COMETIC

Enhancing Smartphone Eye Tracking with Cursor-Based Interactive Implicit Calibration

2024
Chang Liu, Xiangyang Wang, Chun Yu, Yingtian Shi, Chongyang Wang, Ziqi Liu, Chen Liang, Yuanchun Shi

Limited accuracy of eye tracking on smartphones restricts its use. Existing RGB-camera-based eye tracking systems rely on extensive datasets, which could be improved by continuous fine-tuning using calibration data implicitly collected from user interactions. In this context, we propose COMETIC (Cursor Operation Mediated Eye-Tracking Implicit Calibration), which introduces a cursor-based interaction and utilizes the inherent correlation between cursor and eye movement.


Publication:

  • Enhancing Smartphone Eye Tracking with Cursor-Based Interactive Implicit Calibration(CHI ’25).



Eye Tracking on Smartphone

Current smartphone eye tracking faces two main challenges: limited personalization for individual users and difficulty adapting to frequent posture changes. To address these issues, we developed a system that dynamically calibrates eye tracking through implicit user interactions, improving both accuracy and personalization.


COMETIC

By filtering valid cursor coordinates as proxies for gaze ground truth and fine-tuning the eye-tracking model with corresponding images, COMETIC enhances accuracy during interaction.
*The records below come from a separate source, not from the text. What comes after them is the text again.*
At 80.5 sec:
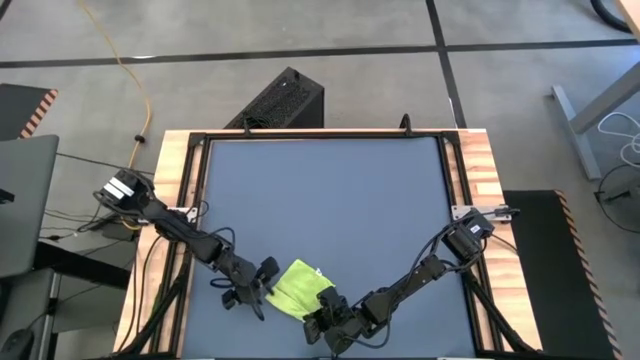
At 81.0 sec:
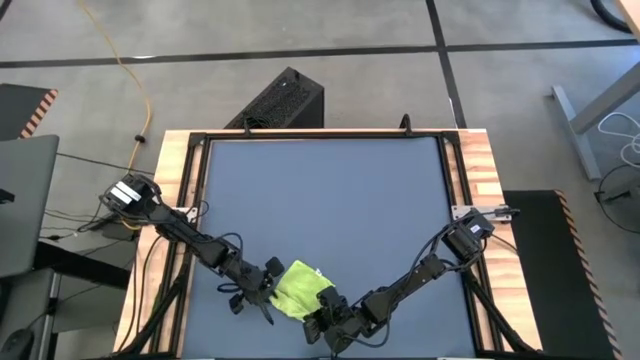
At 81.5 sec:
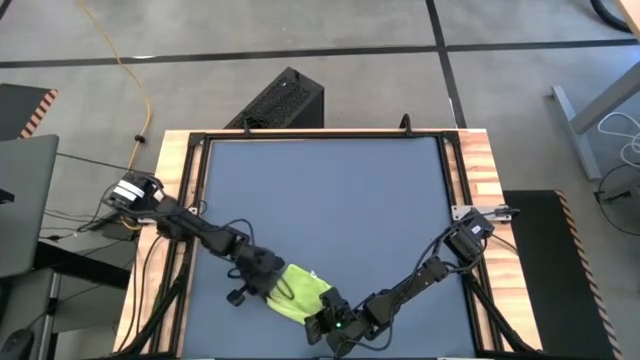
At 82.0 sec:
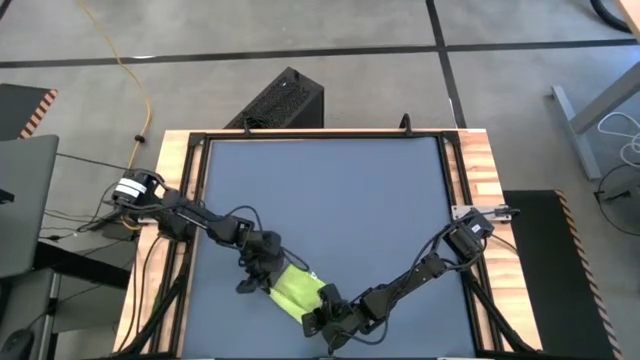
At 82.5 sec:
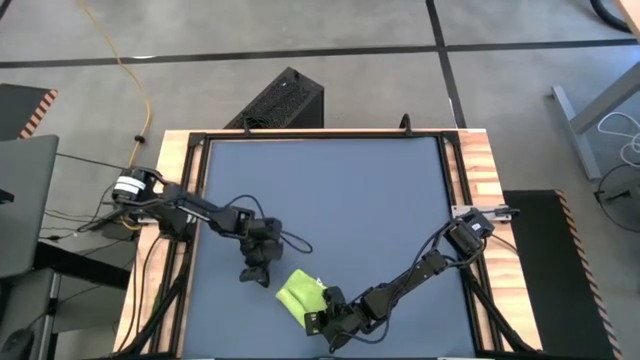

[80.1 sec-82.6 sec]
Roll the green towel

Both filtering and fine-tuning utilize pre-trained models and can be further improved with personalized, dynamically updated data.

The workflow of COMETIC (Cursor Operation Mediated Eye-Tracking Implicit Calibration)
Interactions and Model Structures of COMETIC


Data Collection Experiment

The Apparatus and Experimental Task
The 3D-printed stand and the layout on screen
Apparatus and Layouts in the Experiment


Evaluation

Results show that COMETIC achieves an average eye-tracking error of 208.04 px (1.2 cm), representing a 49.64% improvement compared to the system without fine-tuning. The analysis reveals that filtering cursor points with an actual gaze distance between 250 and 300 px (1.44 to 1.73 cm) yields the best eye-tracking results.